Le deuxième tournant majeur de sa carrière fut celui de la réalisation. Une femme parmi les hommes, car la réalisation à cette époque est un métier d’homme. Malgré sa grande notoriété, sa volonté de diriger un film apparait comme une lubie voir même une folie comme le souligne Pascal-Alex Vincent dans son ouvrage consacré à la réalisatrice.


Les attaques à son égard ne cessent pas et ont pour fondement que Kinuyo Tanaka ne sait que peu lire et ne possède aucun diplôme scolaire. Des réalisateurs qui l’ont pourtant considéré comme leur muse se retournent contre elle et ne l’acceptent pas comme leur égal. Kenji Mizoguchi ira même jusqu’à dire que « Tanaka n’a pas suffisamment de cervelle pour être réalisatrice ». Heinosuke Gosho estime quant à lui « que sa vraie voie se trouve dans l’interprétation ». Ces réactions ne sont que la triste traduction des mœurs de l’époque où ayant pourtant fait ses preuves en tant génie du cinéma, Kinuyo Tanaka devra redescendre en bas de l’échelle pour devenir plus tard la réalisatrice de l’âge d’or du cinéma japonais.
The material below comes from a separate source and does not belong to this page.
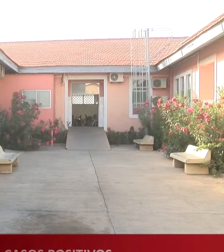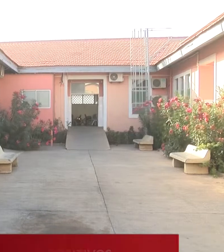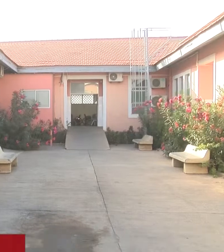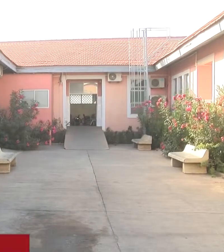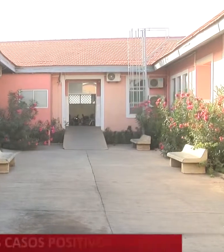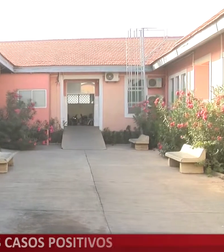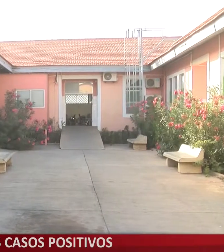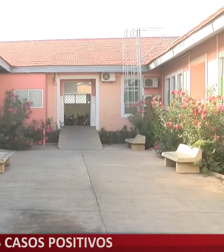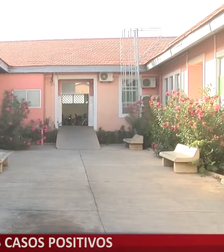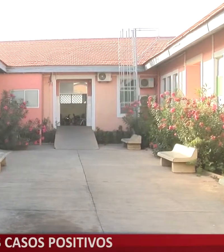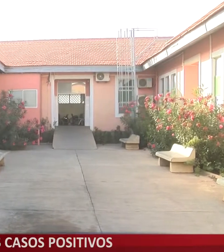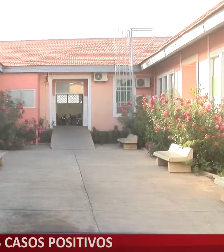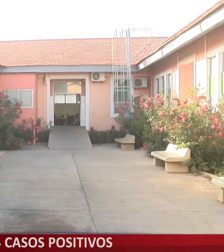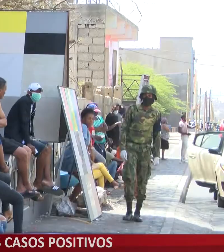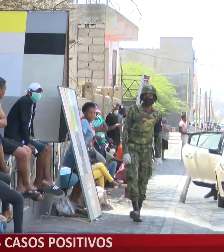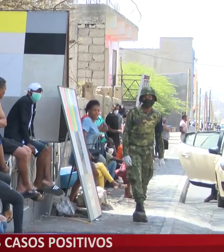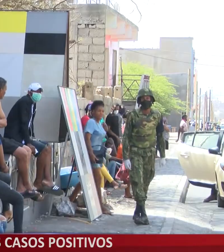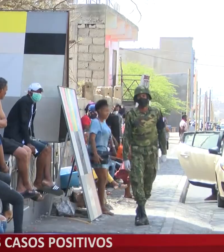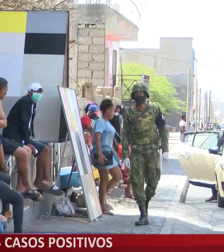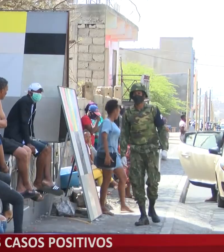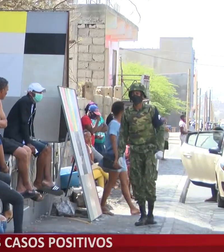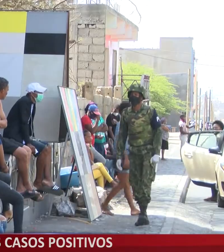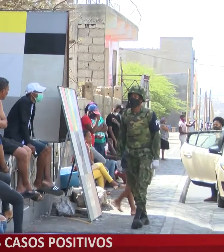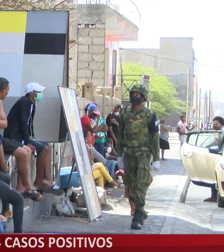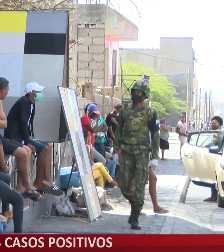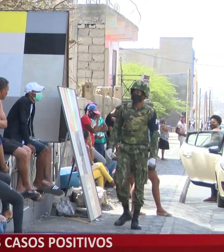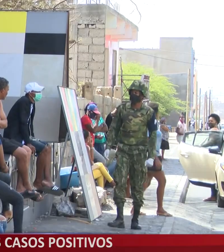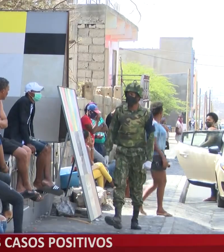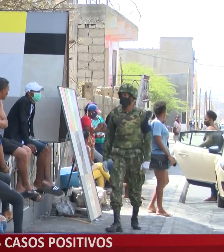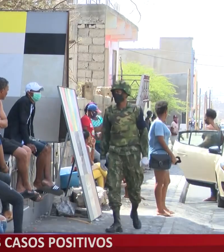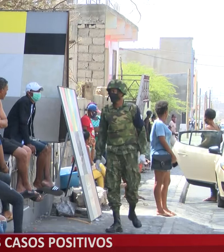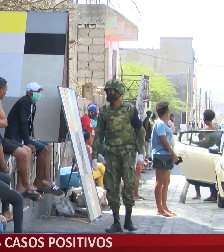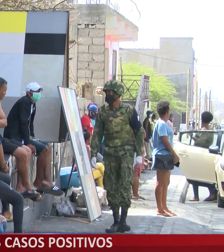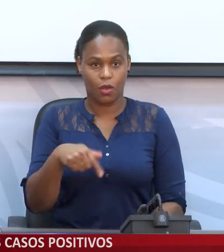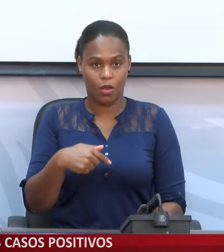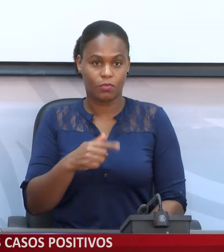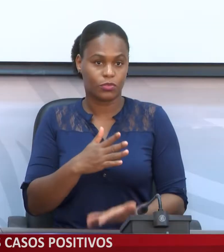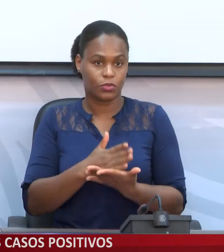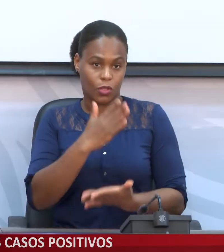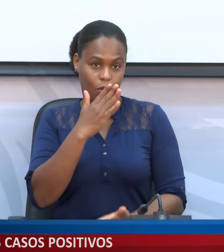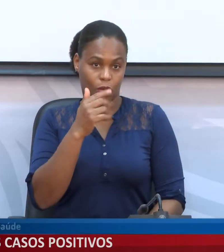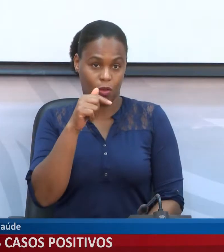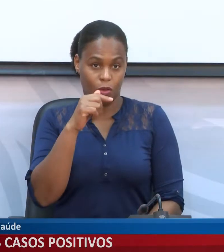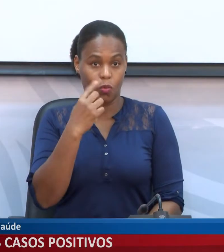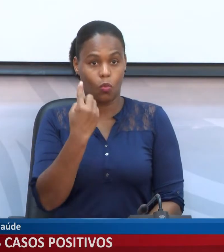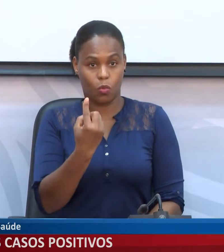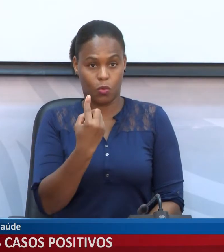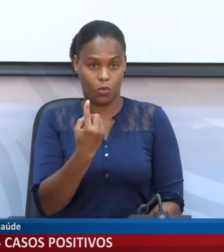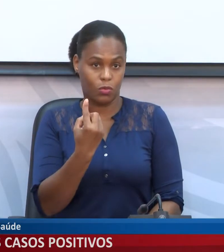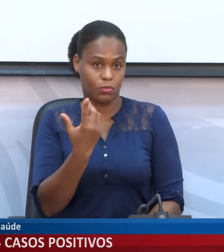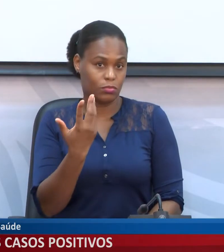registra um caso suspeito e 252 amostras pendentes. Só tivemos um caso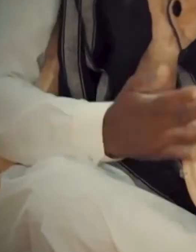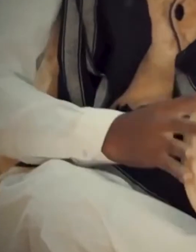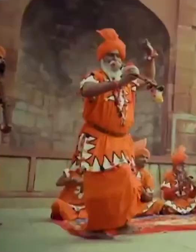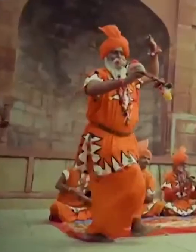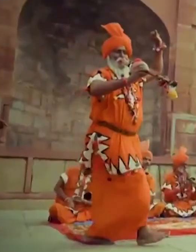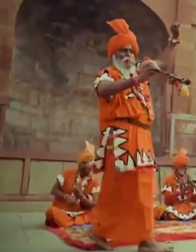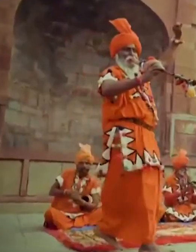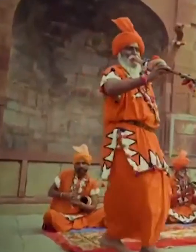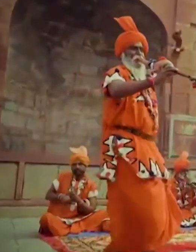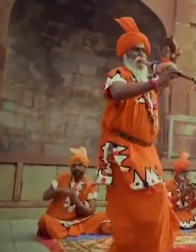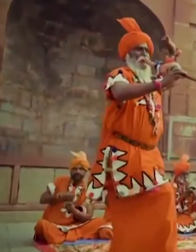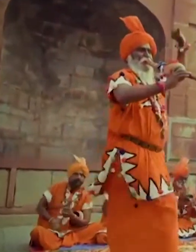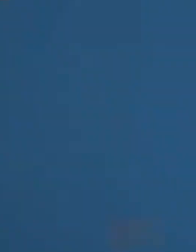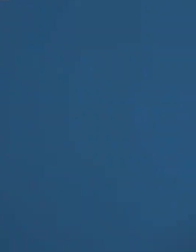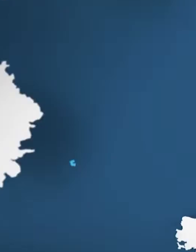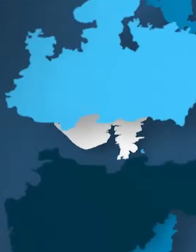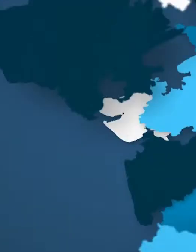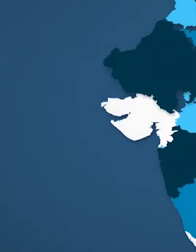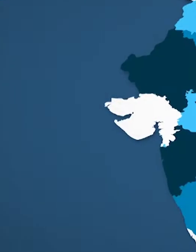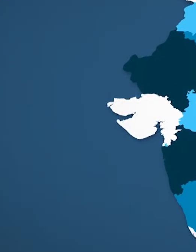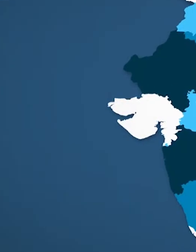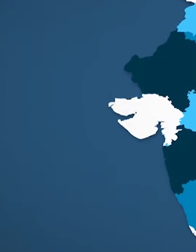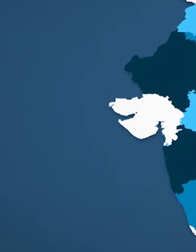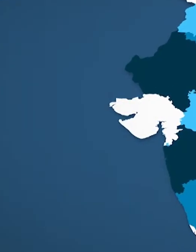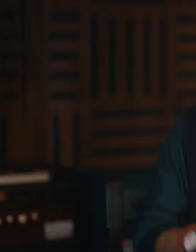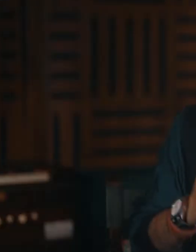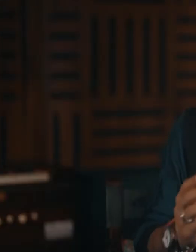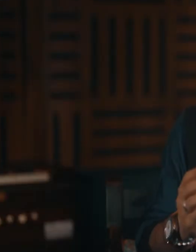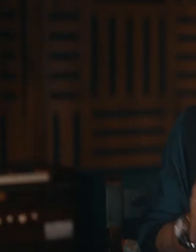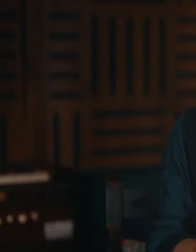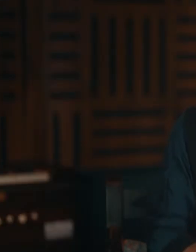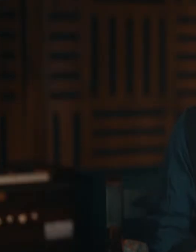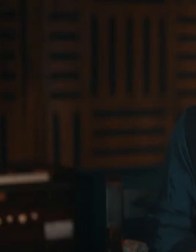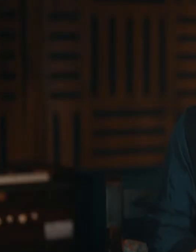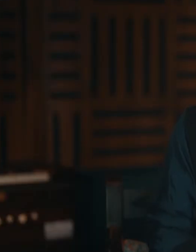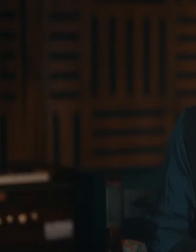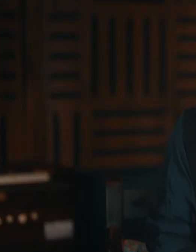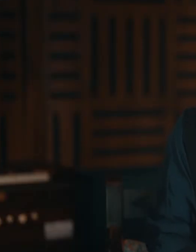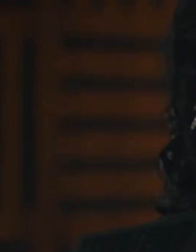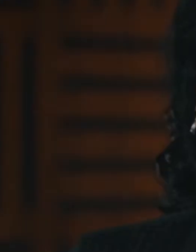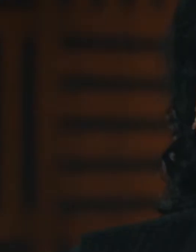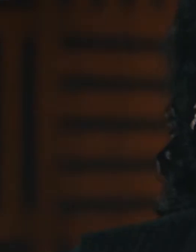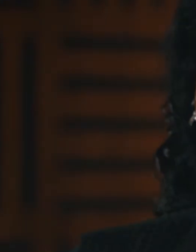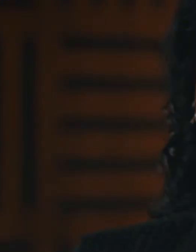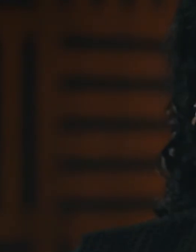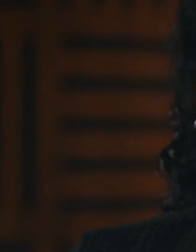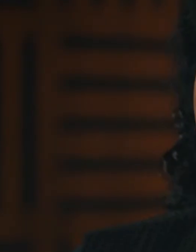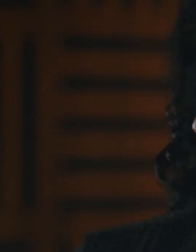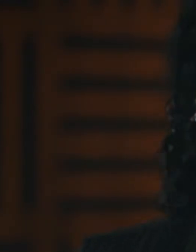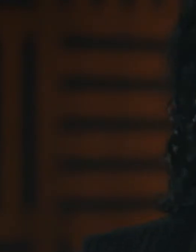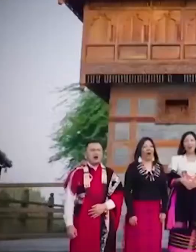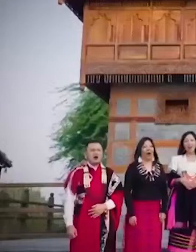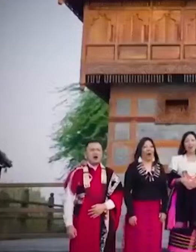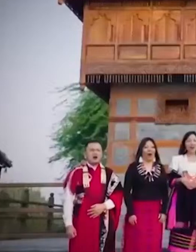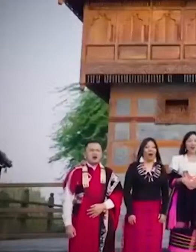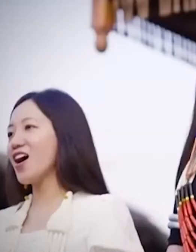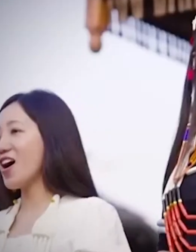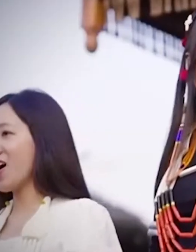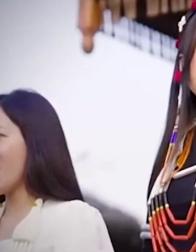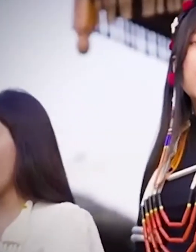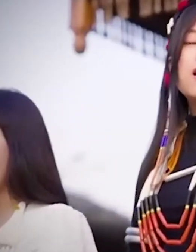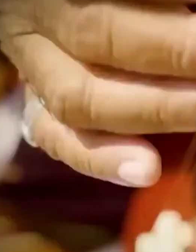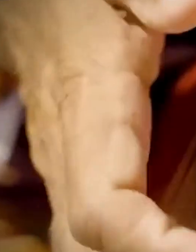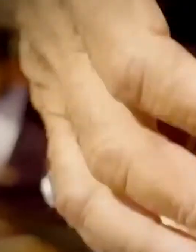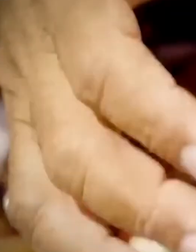जिसके ओडिशन्स हो रहे हैं भारत के हर राज्य में यदि आप हैं एक लोक गायक यदि आप हैं एक फोक सिंगर और

Le seul à l’accepter derrière la caméra est Mikio Naruse, elle devient donc sa stagiaire tout le long du tournage de Frère et Sœur en 1953. Naruse lui rend hommage à la suite du film en lui accordant la légitimité publique dont elle avait besoin pour commencer seule.


La nouvelle société de production ShinToho se voulant innovante, engage Tanaka pour réaliser l’adaptation du roman Lettre d’amour. Ce film marque le début de la carrière de Kinuyo Tanaka en 1953 en tant que réalisatrice ainsi que la première fois où un long-métrage est dirigé par une femme au Japon.


« Si j’ai souhaité devenir réalisatrice c’est parce que je voulais, depuis longtemps que des femmes soient filmées par une femme, d’un point de vue qu’un homme ne comprendrait pas. »


Elle réalisera six films où elle étudie la place de la femme dans la société à travers la maternité (Maternité éternelle, considéré comme son film le plus personnel en 1955), l’émancipation, la prostitution (La nuit des femmes, 1961) et la réinsertion sociale.


Peu connue en France, ses films seront diffusés pour la première fois au cinéma le 13 avril 2022. Une occasion de (re)découvrir et de rendre hommage à une femme résolument moderne, déterminée et douée.